■ **Exercise goal**
For every line in the material, output its text exactly and exclude any image it holds.

■ **Data under study**
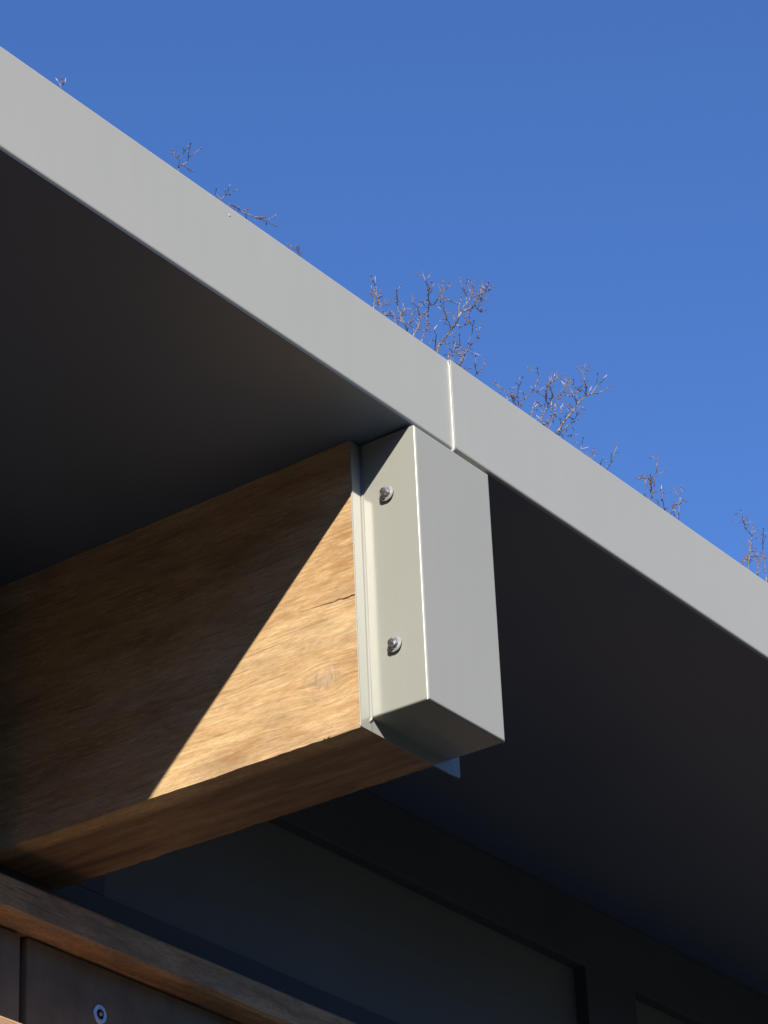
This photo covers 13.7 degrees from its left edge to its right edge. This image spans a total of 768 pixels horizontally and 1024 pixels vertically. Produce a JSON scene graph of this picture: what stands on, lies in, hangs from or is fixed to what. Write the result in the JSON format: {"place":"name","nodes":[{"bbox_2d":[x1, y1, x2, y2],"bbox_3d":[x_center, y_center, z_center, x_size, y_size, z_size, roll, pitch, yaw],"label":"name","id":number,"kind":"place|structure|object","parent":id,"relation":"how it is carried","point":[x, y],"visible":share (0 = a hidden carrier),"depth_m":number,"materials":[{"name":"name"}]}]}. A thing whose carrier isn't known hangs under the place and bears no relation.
{"place":"outdoors","nodes":[
{"label":"outdoors","id":0,"kind":"place"},
{"bbox_2d":[0,46,767,997],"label":"roof","id":1,"kind":"structure","parent":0,"point":[172,340],"depth_m":3.96,"materials":[{"name":"grey metal"}]},
{"bbox_2d":[171,142,201,171],"bbox_3d":[-0.257,-0.282,4.120,0.041,0.457,0.056,-21,-33,30],"label":"bare shrub","id":2,"kind":"object","parent":1,"relation":"on","point":[190,170],"visible":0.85,"depth_m":4.22,"materials":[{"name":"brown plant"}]},
{"bbox_2d":[0,440,432,889],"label":"timber beam","id":3,"kind":"structure","parent":1,"relation":"attached to","point":[187,677],"depth_m":3.85,"materials":[{"name":"brown wood"}]},
{"bbox_2d":[349,425,504,777],"bbox_3d":[0.056,0.103,3.779,0.082,0.376,0.196,-21,-33,30],"label":"beam cap","id":4,"kind":"object","parent":3,"relation":"attached to","point":[429,678],"visible":1,"depth_m":3.73,"materials":[{"name":"grey metal"}]},
{"bbox_2d":[215,185,276,225],"bbox_3d":[-0.189,-0.226,4.254,0.065,0.481,0.141,-21,-33,30],"label":"bare shrub","id":5,"kind":"object","parent":1,"relation":"on","point":[262,217],"visible":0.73,"depth_m":4.35,"materials":[{"name":"brown plant"}]},
{"bbox_2d":[287,244,302,255],"bbox_3d":[-0.118,-0.185,4.236,0.067,0.387,0.065,-21,-33,30],"label":"bare shrub","id":6,"kind":"object","parent":1,"relation":"on","point":[295,249],"visible":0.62,"depth_m":4.30,"materials":[{"name":"grey plant"}]},
{"bbox_2d":[367,271,495,376],"bbox_3d":[0.068,-0.132,4.569,0.099,0.597,0.379,-21,-33,30],"label":"bare shrub","id":7,"kind":"object","parent":1,"relation":"on","point":[428,323],"visible":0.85,"depth_m":4.68,"materials":[{"name":"brown plant"}]},
{"bbox_2d":[492,363,612,438],"bbox_3d":[0.261,-0.006,4.856,0.094,0.635,0.317,-16,-31,23],"label":"bare shrub","id":8,"kind":"object","parent":1,"relation":"on","point":[551,403],"visible":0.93,"depth_m":4.95,"materials":[{"name":"brown plant"}]},
{"bbox_2d":[574,436,619,469],"bbox_3d":[0.324,0.078,4.831,0.061,0.458,0.129,-14,-30,19],"label":"bare shrub","id":9,"kind":"object","parent":1,"relation":"on","point":[596,453],"visible":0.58,"depth_m":4.93,"materials":[{"name":"grey plant"}]},
{"bbox_2d":[635,452,686,519],"bbox_3d":[0.426,0.136,5.010,0.091,0.519,0.187,-21,-33,30],"label":"bare shrub","id":10,"kind":"object","parent":1,"relation":"on","point":[661,499],"visible":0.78,"depth_m":5.11,"materials":[{"name":"brown plant"}]},
{"bbox_2d":[731,509,767,581],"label":"bare shrub","id":11,"kind":"object","parent":1,"relation":"on","point":[748,557],"visible":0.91,"depth_m":5.29,"materials":[{"name":"brown plant"}]},
{"bbox_2d":[0,0,767,582],"label":"sky","id":12,"kind":"structure","parent":0,"point":[601,165],"materials":[{"name":"blue"}]},
{"label":"ground","id":13,"kind":"structure","parent":0,"visible":0},
{"bbox_2d":[0,927,237,1023],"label":"board wall","id":14,"kind":"structure","parent":13,"relation":"on","point":[40,983],"depth_m":3.97,"materials":[{"name":"brown wood"}]},
{"bbox_2d":[0,1016,20,1023],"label":"timber rail","id":15,"kind":"object","parent":14,"relation":"attached to","point":[3,1020],"visible":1,"depth_m":3.77,"materials":[{"name":"brown wood"}]},
{"bbox_2d":[0,873,355,1023],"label":"timber rail","id":16,"kind":"object","parent":14,"relation":"attached to","point":[65,926],"visible":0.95,"depth_m":4.06,"materials":[{"name":"brown wood"}]},
{"bbox_2d":[0,789,767,1023],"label":"clerestory window","id":17,"kind":"structure","parent":14,"relation":"attached to","point":[362,906],"depth_m":4.70,"materials":[{"name":"black glass"}]}
]}

■ **Result for this exercise**
This photo covers 13.7 degrees from its left edge to its right edge. This image spans a total of 768 pixels horizontally and 1024 pixels vertically. Produce a JSON scene graph of this picture: what stands on, lies in, hangs from or is fixed to what. Write the result in the JSON format: {"place":"name","nodes":[{"bbox_2d":[x1, y1, x2, y2],"bbox_3d":[x_center, y_center, z_center, x_size, y_size, z_size, roll, pitch, yaw],"label":"name","id":number,"kind":"place|structure|object","parent":id,"relation":"how it is carried","point":[x, y],"visible":share (0 = a hidden carrier),"depth_m":number,"materials":[{"name":"name"}]}]}. A thing whose carrier isn't known hangs under the place and bears no relation.
{"place":"outdoors","nodes":[
{"label":"outdoors","id":0,"kind":"place"},
{"bbox_2d":[0,46,767,997],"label":"roof","id":1,"kind":"structure","parent":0,"point":[172,340],"depth_m":3.96,"materials":[{"name":"grey metal"}]},
{"bbox_2d":[171,142,201,171],"bbox_3d":[-0.257,-0.282,4.120,0.041,0.457,0.056,-21,-33,30],"label":"bare shrub","id":2,"kind":"object","parent":1,"relation":"on","point":[190,170],"visible":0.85,"depth_m":4.22,"materials":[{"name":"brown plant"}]},
{"bbox_2d":[0,440,432,889],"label":"timber beam","id":3,"kind":"structure","parent":1,"relation":"attached to","point":[187,677],"depth_m":3.85,"materials":[{"name":"brown wood"}]},
{"bbox_2d":[349,425,504,777],"bbox_3d":[0.056,0.103,3.779,0.082,0.376,0.196,-21,-33,30],"label":"beam cap","id":4,"kind":"object","parent":3,"relation":"attached to","point":[429,678],"visible":1,"depth_m":3.73,"materials":[{"name":"grey metal"}]},
{"bbox_2d":[215,185,276,225],"bbox_3d":[-0.189,-0.226,4.254,0.065,0.481,0.141,-21,-33,30],"label":"bare shrub","id":5,"kind":"object","parent":1,"relation":"on","point":[262,217],"visible":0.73,"depth_m":4.35,"materials":[{"name":"brown plant"}]},
{"bbox_2d":[287,244,302,255],"bbox_3d":[-0.118,-0.185,4.236,0.067,0.387,0.065,-21,-33,30],"label":"bare shrub","id":6,"kind":"object","parent":1,"relation":"on","point":[295,249],"visible":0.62,"depth_m":4.30,"materials":[{"name":"grey plant"}]},
{"bbox_2d":[367,271,495,376],"bbox_3d":[0.068,-0.132,4.569,0.099,0.597,0.379,-21,-33,30],"label":"bare shrub","id":7,"kind":"object","parent":1,"relation":"on","point":[428,323],"visible":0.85,"depth_m":4.68,"materials":[{"name":"brown plant"}]},
{"bbox_2d":[492,363,612,438],"bbox_3d":[0.261,-0.006,4.856,0.094,0.635,0.317,-16,-31,23],"label":"bare shrub","id":8,"kind":"object","parent":1,"relation":"on","point":[551,403],"visible":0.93,"depth_m":4.95,"materials":[{"name":"brown plant"}]},
{"bbox_2d":[574,436,619,469],"bbox_3d":[0.324,0.078,4.831,0.061,0.458,0.129,-14,-30,19],"label":"bare shrub","id":9,"kind":"object","parent":1,"relation":"on","point":[596,453],"visible":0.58,"depth_m":4.93,"materials":[{"name":"grey plant"}]},
{"bbox_2d":[635,452,686,519],"bbox_3d":[0.426,0.136,5.010,0.091,0.519,0.187,-21,-33,30],"label":"bare shrub","id":10,"kind":"object","parent":1,"relation":"on","point":[661,499],"visible":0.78,"depth_m":5.11,"materials":[{"name":"brown plant"}]},
{"bbox_2d":[731,509,767,581],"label":"bare shrub","id":11,"kind":"object","parent":1,"relation":"on","point":[748,557],"visible":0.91,"depth_m":5.29,"materials":[{"name":"brown plant"}]},
{"bbox_2d":[0,0,767,582],"label":"sky","id":12,"kind":"structure","parent":0,"point":[601,165],"materials":[{"name":"blue"}]},
{"label":"ground","id":13,"kind":"structure","parent":0,"visible":0},
{"bbox_2d":[0,927,237,1023],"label":"board wall","id":14,"kind":"structure","parent":13,"relation":"on","point":[40,983],"depth_m":3.97,"materials":[{"name":"brown wood"}]},
{"bbox_2d":[0,1016,20,1023],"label":"timber rail","id":15,"kind":"object","parent":14,"relation":"attached to","point":[3,1020],"visible":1,"depth_m":3.77,"materials":[{"name":"brown wood"}]},
{"bbox_2d":[0,873,355,1023],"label":"timber rail","id":16,"kind":"object","parent":14,"relation":"attached to","point":[65,926],"visible":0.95,"depth_m":4.06,"materials":[{"name":"brown wood"}]},
{"bbox_2d":[0,789,767,1023],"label":"clerestory window","id":17,"kind":"structure","parent":14,"relation":"attached to","point":[362,906],"depth_m":4.70,"materials":[{"name":"black glass"}]}
]}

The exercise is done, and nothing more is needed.